Exercise
Please copy every line from the following entries in which the word "style" appears.

Records from a dataset
*** Block opens ***
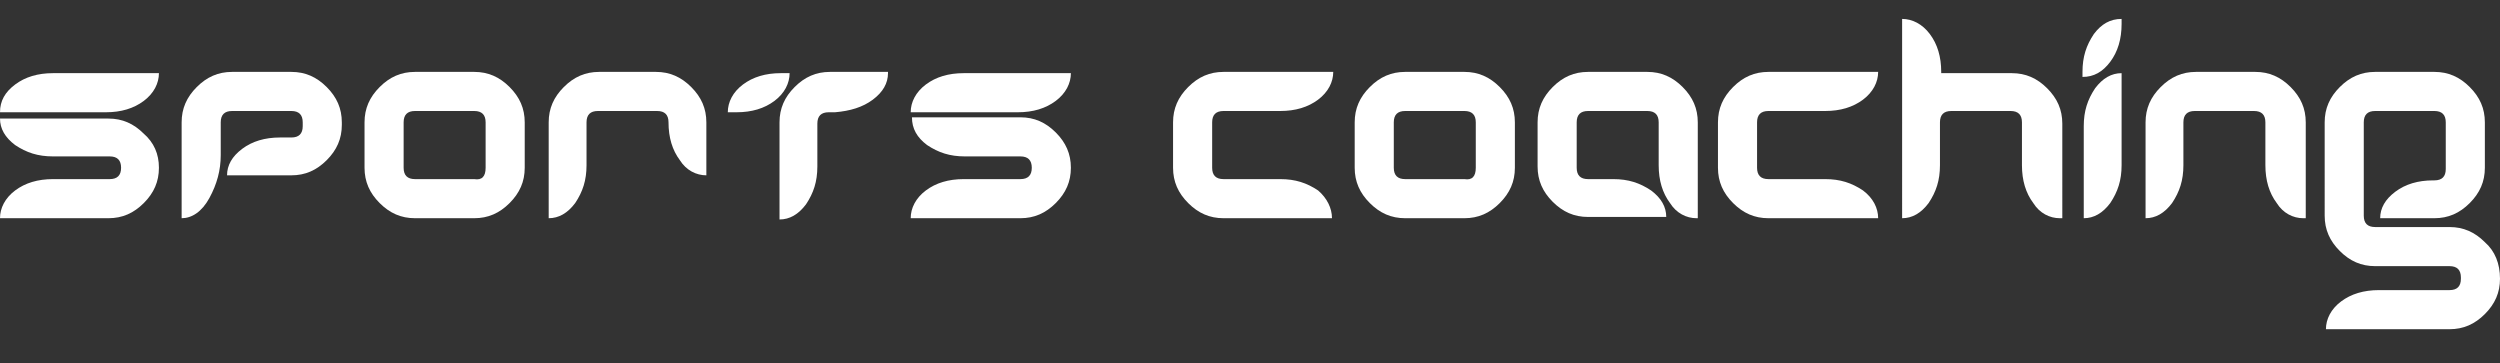 <?xml version="1.0" encoding="utf-8"?>
<!-- Generator: $$$/GeneralStr/196=Adobe Illustrator 27.6.0, SVG Export Plug-In . SVG Version: 6.00 Build 0)  -->
<svg version="1.1" id="sports_coaching_xA0_Image_00000002364378248483495510000011941722572234701967_"
	 xmlns="http://www.w3.org/2000/svg" xmlns:xlink="http://www.w3.org/1999/xlink" x="0px" y="0px" viewBox="0 0 198.2 28.8"
	 style="enable-background:new 0 0 198.2 28.8;" xml:space="preserve">
<rect x="0" y="0" width="198.2" height="28.8" fill="#333333" stroke="none"/>
<style type="text/css">
	.st0{fill:#FFFFFF;}
</style>
<g>
	<path class="st0" d="M12.6,5.8c0,0.8-0.4,1.6-1.2,2.2c-0.8,0.6-1.8,0.9-3,0.9H0C0,8,0.4,7.3,1.2,6.7C2,6.1,3,5.8,4.2,5.8H12.6z
		 M12.6,13.3c0,1.1-0.4,2-1.2,2.8c-0.8,0.8-1.7,1.2-2.8,1.2H0c0-0.8,0.4-1.6,1.2-2.2c0.8-0.6,1.8-0.9,3-0.9h4.5
		c0.6,0,0.9-0.3,0.9-0.9v0c0-0.6-0.3-0.9-0.9-0.9H4.2c-1.2,0-2.1-0.3-3-0.9C0.4,10.9,0,10.2,0,9.4h8.6c1.1,0,2,0.4,2.8,1.2
		C12.2,11.3,12.6,12.2,12.6,13.3L12.6,13.3z"/>
	<path class="st0" d="M27.1,9.9c0,1.1-0.4,2-1.2,2.8c-0.8,0.8-1.7,1.2-2.8,1.2h-5.1c0-0.8,0.4-1.5,1.2-2.1c0.8-0.6,1.8-0.9,3-0.9
		h0.9c0.6,0,0.9-0.3,0.9-0.9V9.7c0-0.6-0.3-0.9-0.9-0.9h-4.7c-0.6,0-0.9,0.3-0.9,0.9v2.6c0,1.2-0.3,2.3-0.9,3.4
		c-0.6,1.1-1.4,1.6-2.2,1.6V9.7c0-1.1,0.4-2,1.2-2.8c0.8-0.8,1.7-1.2,2.8-1.2h4.7c1.1,0,2,0.4,2.8,1.2c0.8,0.8,1.2,1.7,1.2,2.8V9.9z
		"/>
	<path class="st0" d="M41.6,13.3c0,1.1-0.4,2-1.2,2.8c-0.8,0.8-1.7,1.2-2.8,1.2h-4.7c-1.1,0-2-0.4-2.8-1.2c-0.8-0.8-1.2-1.7-1.2-2.8
		V9.7c0-1.1,0.4-2,1.2-2.8c0.8-0.8,1.7-1.2,2.8-1.2h4.7c1.1,0,2,0.4,2.8,1.2s1.2,1.7,1.2,2.8V13.3z M38.5,13.3V9.7
		c0-0.6-0.3-0.9-0.9-0.9h-4.7c-0.6,0-0.9,0.3-0.9,0.9v3.6c0,0.6,0.3,0.9,0.9,0.9h4.7C38.2,14.3,38.5,14,38.5,13.3z"/>
	<path class="st0" d="M56,13.9c-0.8,0-1.6-0.4-2.1-1.2c-0.6-0.8-0.9-1.8-0.9-3c0-0.6-0.3-0.9-0.9-0.9h-4.7c-0.6,0-0.9,0.3-0.9,0.9
		v3.4c0,1.2-0.3,2.1-0.9,3c-0.6,0.8-1.3,1.2-2.1,1.2V9.7c0-1.1,0.4-2,1.2-2.8c0.8-0.8,1.7-1.2,2.8-1.2H52c1.1,0,2,0.4,2.8,1.2
		C55.6,7.7,56,8.6,56,9.7V13.9z"/>
	<path class="st0" d="M62.6,5.8c0,0.8-0.4,1.6-1.2,2.2c-0.8,0.6-1.8,0.9-3,0.9h-0.7c0-0.8,0.4-1.6,1.2-2.2c0.8-0.6,1.8-0.9,3-0.9
		H62.6z M70.4,5.8c0,0.8-0.4,1.5-1.2,2.1c-0.8,0.6-1.8,0.9-3,1h-0.5c-0.6,0-0.9,0.3-0.9,0.9v3.4c0,1.2-0.3,2.1-0.9,3
		c-0.6,0.8-1.3,1.2-2.1,1.2V9.7c0-1.1,0.4-2,1.2-2.8c0.8-0.8,1.7-1.2,2.8-1.2H70.4z"/>
	<path class="st0" d="M84.9,5.8c0,0.8-0.4,1.6-1.2,2.2c-0.8,0.6-1.8,0.9-3,0.9h-8.5c0-0.8,0.4-1.6,1.2-2.2c0.8-0.6,1.8-0.9,3-0.9
		H84.9z M84.9,13.3c0,1.1-0.4,2-1.2,2.8c-0.8,0.8-1.7,1.2-2.8,1.2h-8.7c0-0.8,0.4-1.6,1.2-2.2c0.8-0.6,1.8-0.9,3-0.9h4.5
		c0.6,0,0.9-0.3,0.9-0.9v0c0-0.6-0.3-0.9-0.9-0.9h-4.4c-1.2,0-2.1-0.3-3-0.9c-0.8-0.6-1.2-1.3-1.2-2.2h8.6c1.1,0,2,0.4,2.8,1.2
		C84.5,11.3,84.9,12.2,84.9,13.3L84.9,13.3z"/>
	<path class="st0" d="M105.6,17.3H97c-1.1,0-2-0.4-2.8-1.2c-0.8-0.8-1.2-1.7-1.2-2.8V9.7c0-1.1,0.4-2,1.2-2.8
		c0.8-0.8,1.7-1.2,2.8-1.2h8.7c0,0.8-0.4,1.6-1.2,2.2c-0.8,0.6-1.8,0.9-3,0.9H97c-0.6,0-0.9,0.3-0.9,0.9v3.6c0,0.6,0.3,0.9,0.9,0.9
		h4.5c1.2,0,2.1,0.3,3,0.9C105.2,15.7,105.6,16.5,105.6,17.3z"/>
	<path class="st0" d="M120.1,13.3c0,1.1-0.4,2-1.2,2.8c-0.8,0.8-1.7,1.2-2.8,1.2h-4.7c-1.1,0-2-0.4-2.8-1.2
		c-0.8-0.8-1.2-1.7-1.2-2.8V9.7c0-1.1,0.4-2,1.2-2.8c0.8-0.8,1.7-1.2,2.8-1.2h4.7c1.1,0,2,0.4,2.8,1.2s1.2,1.7,1.2,2.8V13.3z
		 M117,13.3V9.7c0-0.6-0.3-0.9-0.9-0.9h-4.7c-0.6,0-0.9,0.3-0.9,0.9v3.6c0,0.6,0.3,0.9,0.9,0.9h4.7C116.7,14.3,117,14,117,13.3z"/>
	<path class="st0" d="M134.5,17.3c-0.8,0-1.6-0.4-2.1-1.2c-0.6-0.8-0.9-1.8-0.9-3V9.7c0-0.6-0.3-0.9-0.9-0.9h-4.7
		c-0.6,0-0.9,0.3-0.9,0.9v3.6c0,0.6,0.3,0.9,0.9,0.9h2c1.2,0,2.1,0.3,3,0.9c0.8,0.6,1.2,1.3,1.2,2.1h-6.2c-1.1,0-2-0.4-2.8-1.2
		c-0.8-0.8-1.2-1.7-1.2-2.8V9.7c0-1.1,0.4-2,1.2-2.8c0.8-0.8,1.7-1.2,2.8-1.2h4.7c1.1,0,2,0.4,2.8,1.2s1.2,1.7,1.2,2.8V17.3z"/>
	<path class="st0" d="M148.9,17.3h-8.7c-1.1,0-2-0.4-2.8-1.2c-0.8-0.8-1.2-1.7-1.2-2.8V9.7c0-1.1,0.4-2,1.2-2.8
		c0.8-0.8,1.7-1.2,2.8-1.2h8.7c0,0.8-0.4,1.6-1.2,2.2c-0.8,0.6-1.8,0.9-3,0.9h-4.5c-0.6,0-0.9,0.3-0.9,0.9v3.6
		c0,0.6,0.3,0.9,0.9,0.9h4.5c1.2,0,2.1,0.3,3,0.9C148.5,15.7,148.9,16.5,148.9,17.3z"/>
	<path class="st0" d="M163.3,17.3c-0.8,0-1.6-0.4-2.1-1.2c-0.6-0.8-0.9-1.8-0.9-3V9.7c0-0.6-0.3-0.9-0.9-0.9h-4.7
		c-0.6,0-0.9,0.3-0.9,0.9v3.4c0,1.2-0.3,2.1-0.9,3c-0.6,0.8-1.3,1.2-2.1,1.2V1.5c0.8,0,1.6,0.4,2.2,1.2s0.9,1.8,0.9,3v0.1h5.6
		c1.1,0,2,0.4,2.8,1.2c0.8,0.8,1.2,1.7,1.2,2.8V17.3z"/>
	<path class="st0" d="M168.2,1.9c0,1.2-0.3,2.2-0.9,3s-1.3,1.2-2.2,1.2V5.7c0-1.2,0.3-2.1,0.9-3c0.6-0.8,1.3-1.2,2.2-1.2V1.9z
		 M168.2,13.1c0,1.2-0.3,2.1-0.9,3c-0.6,0.8-1.3,1.2-2.1,1.2V10c0-1.2,0.3-2.1,0.9-3c0.6-0.8,1.3-1.2,2.1-1.2V13.1z"/>
	<path class="st0" d="M182.6,17.3c-0.8,0-1.6-0.4-2.1-1.2c-0.6-0.8-0.9-1.8-0.9-3V9.7c0-0.6-0.3-0.9-0.9-0.9H174
		c-0.6,0-0.9,0.3-0.9,0.9v3.4c0,1.2-0.3,2.1-0.9,3c-0.6,0.8-1.3,1.2-2.1,1.2V9.7c0-1.1,0.4-2,1.2-2.8c0.8-0.8,1.7-1.2,2.8-1.2h4.7
		c1.1,0,2,0.4,2.8,1.2s1.2,1.7,1.2,2.8V17.3z"/>
	<path class="st0" d="M198.2,22.1c0,1.1-0.4,2-1.2,2.8c-0.8,0.8-1.7,1.2-2.8,1.2h-9.8c0-0.8,0.4-1.6,1.2-2.2c0.8-0.6,1.8-0.9,3-0.9
		h5.6c0.6,0,0.9-0.3,0.9-0.9V22c0-0.6-0.3-0.9-0.9-0.9h-5.9c-1.1,0-2-0.4-2.8-1.2c-0.8-0.8-1.2-1.7-1.2-2.8V9.7c0-1.1,0.4-2,1.2-2.8
		c0.8-0.8,1.7-1.2,2.8-1.2h4.7c1.1,0,2,0.4,2.8,1.2s1.2,1.7,1.2,2.8v3.6c0,1.1-0.4,2-1.2,2.8c-0.8,0.8-1.7,1.2-2.8,1.2h-4.3
		c0-0.8,0.4-1.5,1.2-2.1c0.8-0.6,1.8-0.9,3-0.9h0.1c0.6,0,0.9-0.3,0.9-0.9V9.7c0-0.6-0.3-0.9-0.9-0.9h-4.7c-0.6,0-0.9,0.3-0.9,0.9
		v7.4c0,0.6,0.3,0.9,0.9,0.9h5.9c1.1,0,2,0.4,2.8,1.2C197.8,19.9,198.2,20.9,198.2,22.1L198.2,22.1z"/>
</g>
</svg>
*** Block closes ***
Exercise result
	 style="enable-background:new 0 0 198.2 28.8;" xml:space="preserve">
<style type="text/css">
</style>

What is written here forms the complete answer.